*** Supplied information ***

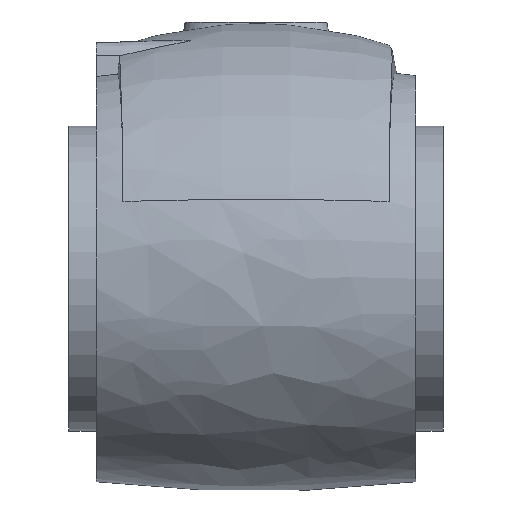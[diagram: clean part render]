
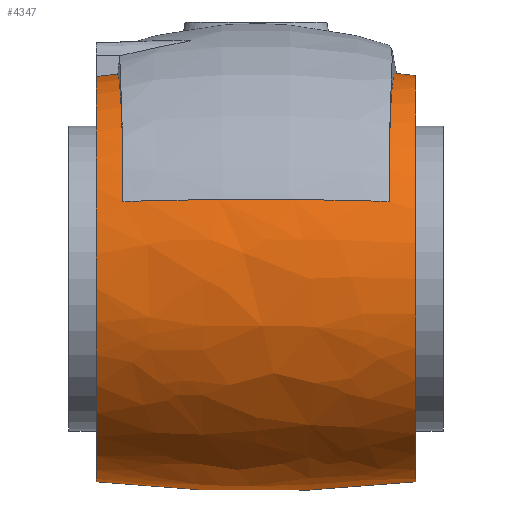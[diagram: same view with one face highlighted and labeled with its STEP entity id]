
A CAD part, left-side view. The second image highlights one B-rep face of the part: STEP entity #4347.
In plain terms, the highlighted free-form (B-spline) face has degree [3, 3] with [7, 4] control points.
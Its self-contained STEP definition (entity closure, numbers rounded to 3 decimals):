
#450=CARTESIAN_POINT('',(-43.79,-47.993,987.792));
#531=CARTESIAN_POINT('',(25.,57.5,960.));
#532=DIRECTION('',(0.,1.,0.));
#533=DIRECTION('',(0.,0.,-1.));
#534=AXIS2_PLACEMENT_3D('',#531,#532,#533);
#623=CARTESIAN_POINT('',(25.,-57.5,960.));
#624=DIRECTION('',(0.,-1.,0.));
#625=DIRECTION('',(0.,0.,1.));
#626=AXIS2_PLACEMENT_3D('',#623,#624,#625);
#643=CARTESIAN_POINT('',(25.01,-50.046,1033.988));
#644=CARTESIAN_POINT('',(23.501,-49.984,1033.994));
#645=CARTESIAN_POINT('',(20.432,-49.862,1033.915));
#646=CARTESIAN_POINT('',(15.783,-49.687,1033.5));
#647=CARTESIAN_POINT('',(11.013,-49.513,1032.764));
#648=CARTESIAN_POINT('',(6.154,-49.339,1031.682));
#649=CARTESIAN_POINT('',(1.188,-49.163,1030.211));
#650=CARTESIAN_POINT('',(-3.768,-48.988,1028.351));
#651=CARTESIAN_POINT('',(-8.625,-48.819,1026.116));
#652=CARTESIAN_POINT('',(-13.314,-48.658,1023.532));
#653=CARTESIAN_POINT('',(-17.789,-48.511,1020.626));
#654=CARTESIAN_POINT('',(-22.042,-48.378,1017.405));
#655=CARTESIAN_POINT('',(-26.061,-48.262,1013.878));
#656=CARTESIAN_POINT('',(-29.8,-48.167,1010.083));
#657=CARTESIAN_POINT('',(-33.255,-48.094,1006.03));
#658=CARTESIAN_POINT('',(-36.418,-48.043,1001.725));
#659=CARTESIAN_POINT('',(-39.255,-48.011,997.214));
#660=CARTESIAN_POINT('',(-41.738,-48.004,992.547));
#661=CARTESIAN_POINT('',(-43.146,-47.993,989.385));
#662=CARTESIAN_POINT('',(-43.79,-47.993,987.792));
#664=CARTESIAN_POINT('',(25.,0.,536.5));
#665=DIRECTION('',(-1.,0.,0.));
#666=DIRECTION('',(0.,-0.115,0.993));
#667=AXIS2_PLACEMENT_3D('',#664,#665,#666);
#669=CARTESIAN_POINT('',(25.,0.,1383.5));
#670=DIRECTION('',(1.,0.,0.));
#671=DIRECTION('',(0.,-0.115,-0.993));
#672=AXIS2_PLACEMENT_3D('',#669,#670,#671);
#674=CARTESIAN_POINT('',(417.665,0.,801.36));
#675=DIRECTION('',(-0.375,0.,-0.927));
#676=DIRECTION('',(-0.924,0.081,0.373));
#677=AXIS2_PLACEMENT_3D('',#674,#675,#676);
#679=CARTESIAN_POINT('',(417.665,0.,801.36));
#680=DIRECTION('',(-0.375,0.,-0.927));
#681=DIRECTION('',(-0.924,-0.081,0.373));
#682=AXIS2_PLACEMENT_3D('',#679,#680,#681);
#684=CARTESIAN_POINT('',(417.665,0.,801.36));
#685=DIRECTION('',(-0.375,0.,-0.927));
#686=DIRECTION('',(-0.923,-0.096,0.373));
#687=AXIS2_PLACEMENT_3D('',#684,#685,#686);
#696=CARTESIAN_POINT('',(18.054,49.773,1033.69));
#703=CARTESIAN_POINT('',(18.112,57.5,1032.858));
#704=CARTESIAN_POINT('',(18.107,56.642,1032.957));
#705=CARTESIAN_POINT('',(18.094,54.926,1033.151));
#706=CARTESIAN_POINT('',(18.074,52.35,1033.428));
#707=CARTESIAN_POINT('',(18.061,50.632,1033.604));
#708=CARTESIAN_POINT('',(18.054,49.773,1033.69));
#850=CARTESIAN_POINT('',(-43.789,48.,987.792));
#863=CARTESIAN_POINT('',(18.054,49.773,1033.69));
#864=CARTESIAN_POINT('',(14.549,49.64,1033.373));
#865=CARTESIAN_POINT('',(7.627,49.39,1032.238));
#866=CARTESIAN_POINT('',(-2.243,49.041,1029.157));
#867=CARTESIAN_POINT('',(-11.618,48.714,1024.721));
#868=CARTESIAN_POINT('',(-20.189,48.43,1019.078));
#869=CARTESIAN_POINT('',(-27.768,48.211,1012.448));
#870=CARTESIAN_POINT('',(-34.402,48.066,1004.809));
#871=CARTESIAN_POINT('',(-39.766,48.002,996.621));
#872=CARTESIAN_POINT('',(-42.584,48.,990.774));
#873=CARTESIAN_POINT('',(-43.789,48.,987.792));
#2498=CARTESIAN_POINT('',(18.112,57.5,1032.858));
#2499=VERTEX_POINT('',#2498);
#2500=VERTEX_POINT('',#696);
#2544=VERTEX_POINT('',#850);
#2546=VERTEX_POINT('',#450);
#2689=CARTESIAN_POINT('',(25.,-57.5,886.817));
#2690=CARTESIAN_POINT('',(25.,57.5,886.817));
#2691=VERTEX_POINT('',#2689);
#2692=VERTEX_POINT('',#2690);
#2693=CARTESIAN_POINT('',(25.,-57.5,1033.183));
#2694=CARTESIAN_POINT('',(25.,-50.046,1033.989));
#2695=VERTEX_POINT('',#2693);
#2696=VERTEX_POINT('',#2694);
#2699=CARTESIAN_POINT('',(-44.407,40.5,988.041));
#2700=VERTEX_POINT('',#2699);
#2701=CARTESIAN_POINT('',(-44.407,-40.5,
988.041));
#2702=VERTEX_POINT('',#2701);
#4301=CARTESIAN_POINT('',(29.578,-59.789,887.232));
#4302=CARTESIAN_POINT('',(29.879,-20.026,882.452));
#4303=CARTESIAN_POINT('',(29.879,20.026,882.452));
#4304=CARTESIAN_POINT('',(29.578,59.789,887.232));
#4305=CARTESIAN_POINT('',(-15.203,-59.789,
884.414));
#4306=CARTESIAN_POINT('',(-17.844,-20.026,
879.449));
#4307=CARTESIAN_POINT('',(-17.844,20.026,879.449));
#4308=CARTESIAN_POINT('',(-15.203,59.789,884.414));
#4309=CARTESIAN_POINT('',(-47.912,-59.789,
915.13));
#4310=CARTESIAN_POINT('',(-52.702,-20.026,
912.183));
#4311=CARTESIAN_POINT('',(-52.702,20.026,912.183));
#4312=CARTESIAN_POINT('',(-47.912,59.789,915.13));
#4313=CARTESIAN_POINT('',(-47.912,-59.789,
960.));
#4314=CARTESIAN_POINT('',(-52.702,-20.026,
960.));
#4315=CARTESIAN_POINT('',(-52.702,20.026,960.));
#4316=CARTESIAN_POINT('',(-47.912,59.789,960.));
#4317=CARTESIAN_POINT('',(-47.912,-59.789,
1004.87));
#4318=CARTESIAN_POINT('',(-52.702,-20.026,
1007.817));
#4319=CARTESIAN_POINT('',(-52.702,20.026,1007.817));
#4320=CARTESIAN_POINT('',(-47.912,59.789,1004.87));
#4321=CARTESIAN_POINT('',(-15.203,-59.789,
1035.586));
#4322=CARTESIAN_POINT('',(-17.844,-20.026,
1040.551));
#4323=CARTESIAN_POINT('',(-17.844,20.026,1040.551));
#4324=CARTESIAN_POINT('',(-15.203,59.789,1035.586));
#4325=CARTESIAN_POINT('',(29.578,-59.789,1032.768));
#4326=CARTESIAN_POINT('',(29.879,-20.026,1037.548));
#4327=CARTESIAN_POINT('',(29.879,20.026,1037.548));
#4328=CARTESIAN_POINT('',(29.578,59.789,1032.768));
#4329=(BOUNDED_SURFACE()B_SPLINE_SURFACE(3,3,((#4301,#4302,#4303,#4304),(#4305,
#4306,#4307,#4308),(#4309,#4310,#4311,#4312),(#4313,#4314,#4315,#4316),(#4317,
#4318,#4319,#4320),(#4321,#4322,#4323,#4324),(#4325,#4326,#4327,#4328)),
.UNSPECIFIED.,.F.,.F.,.F.)B_SPLINE_SURFACE_WITH_KNOTS((4,3,4),(4,4),(0.,1.,
2.),(0.,1.),.UNSPECIFIED.)GEOMETRIC_REPRESENTATION_ITEM()RATIONAL_B_SPLINE_SURFACE(((1.192,1.186,1.186,1.192),(
0.941,0.936,0.936,0.941),(
0.941,0.936,0.936,0.941),(
1.192,1.186,1.186,1.192),(
0.941,0.936,0.936,0.941),(
0.941,0.936,0.936,0.941),(
1.192,1.186,1.186,1.192)))REPRESENTATION_ITEM('')SURFACE());
#4330=ORIENTED_EDGE('',*,*,#3969,.F.);
#4331=ORIENTED_EDGE('',*,*,#4119,.F.);
#4332=ORIENTED_EDGE('',*,*,#4291,.T.);
#4333=ORIENTED_EDGE('',*,*,#4115,.T.);
#4334=ORIENTED_EDGE('',*,*,#4145,.T.);
#4336=ORIENTED_EDGE('',*,*,#4335,.T.);
#4338=ORIENTED_EDGE('',*,*,#4337,.T.);
#4340=ORIENTED_EDGE('',*,*,#4339,.F.);
#4342=ORIENTED_EDGE('',*,*,#4341,.F.);
#4344=ORIENTED_EDGE('',*,*,#4343,.F.);
#4345=EDGE_LOOP('',(#4330,#4331,#4332,#4333,#4334,#4336,#4338,#4340,#4342,
#4344));
#4346=FACE_OUTER_BOUND('',#4345,.F.);
#4347=ADVANCED_FACE('',(#4346),#4329,.T.);
#535=CIRCLE('',#534,73.183);
#627=CIRCLE('',#626,73.183);
#663=B_SPLINE_CURVE_WITH_KNOTS('',3,(#643,#644,#645,#646,#647,#648,#649,#650,
#651,#652,#653,#654,#655,#656,#657,#658,#659,#660,#661,#662),.UNSPECIFIED.,.F.,
.F.,(4,1,1,1,1,1,1,1,1,1,1,1,1,1,1,1,1,4),(0.,0.059,
0.118,0.176,0.235,0.294,
0.353,0.412,0.471,0.529,
0.588,0.647,0.706,0.765,
0.824,0.882,0.941,1.),.UNSPECIFIED.);
#668=CIRCLE('',#667,500.);
#673=CIRCLE('',#672,500.);
#678=CIRCLE('',#677,500.);
#683=CIRCLE('',#682,500.);
#688=CIRCLE('',#687,500.);
#709=B_SPLINE_CURVE_WITH_KNOTS('',3,(#703,#704,#705,#706,#707,#708),
.UNSPECIFIED.,.F.,.F.,(4,1,1,4),(0.,0.333,0.667,1.),
.UNSPECIFIED.);
#874=B_SPLINE_CURVE_WITH_KNOTS('',3,(#863,#864,#865,#866,#867,#868,#869,#870,
#871,#872,#873),.UNSPECIFIED.,.F.,.F.,(4,1,1,1,1,1,1,1,4),(0.,0.125,0.25,
0.375,0.5,0.625,0.75,0.875,1.),.UNSPECIFIED.);
#3969=EDGE_CURVE('',#2696,#2546,#663,.T.);
#4115=EDGE_CURVE('',#2691,#2692,#673,.T.);
#4119=EDGE_CURVE('',#2695,#2696,#668,.T.);
#4145=EDGE_CURVE('',#2692,#2499,#535,.T.);
#4291=EDGE_CURVE('',#2695,#2691,#627,.T.);
#4335=EDGE_CURVE('',#2499,#2500,#709,.T.);
#4337=EDGE_CURVE('',#2500,#2544,#874,.T.);
#4339=EDGE_CURVE('',#2700,#2544,#678,.T.);
#4341=EDGE_CURVE('',#2702,#2700,#683,.T.);
#4343=EDGE_CURVE('',#2546,#2702,#688,.T.);

*** End of Supplied information ***

*What the task requires:*
From the records above, pull every line that has the string "UNSPECIFIED" and copy it.

*Result for this exercise:*
.UNSPECIFIED.,.F.,.F.,.F.)B_SPLINE_SURFACE_WITH_KNOTS((4,3,4),(4,4),(0.,1.,
2.),(0.,1.),.UNSPECIFIED.)GEOMETRIC_REPRESENTATION_ITEM()RATIONAL_B_SPLINE_SURFACE(((1.192,1.186,1.186,1.192),(
#651,#652,#653,#654,#655,#656,#657,#658,#659,#660,#661,#662),.UNSPECIFIED.,.F.,
0.824,0.882,0.941,1.),.UNSPECIFIED.);
.UNSPECIFIED.,.F.,.F.,(4,1,1,4),(0.,0.333,0.667,1.),
.UNSPECIFIED.);
#871,#872,#873),.UNSPECIFIED.,.F.,.F.,(4,1,1,1,1,1,1,1,4),(0.,0.125,0.25,
0.375,0.5,0.625,0.75,0.875,1.),.UNSPECIFIED.);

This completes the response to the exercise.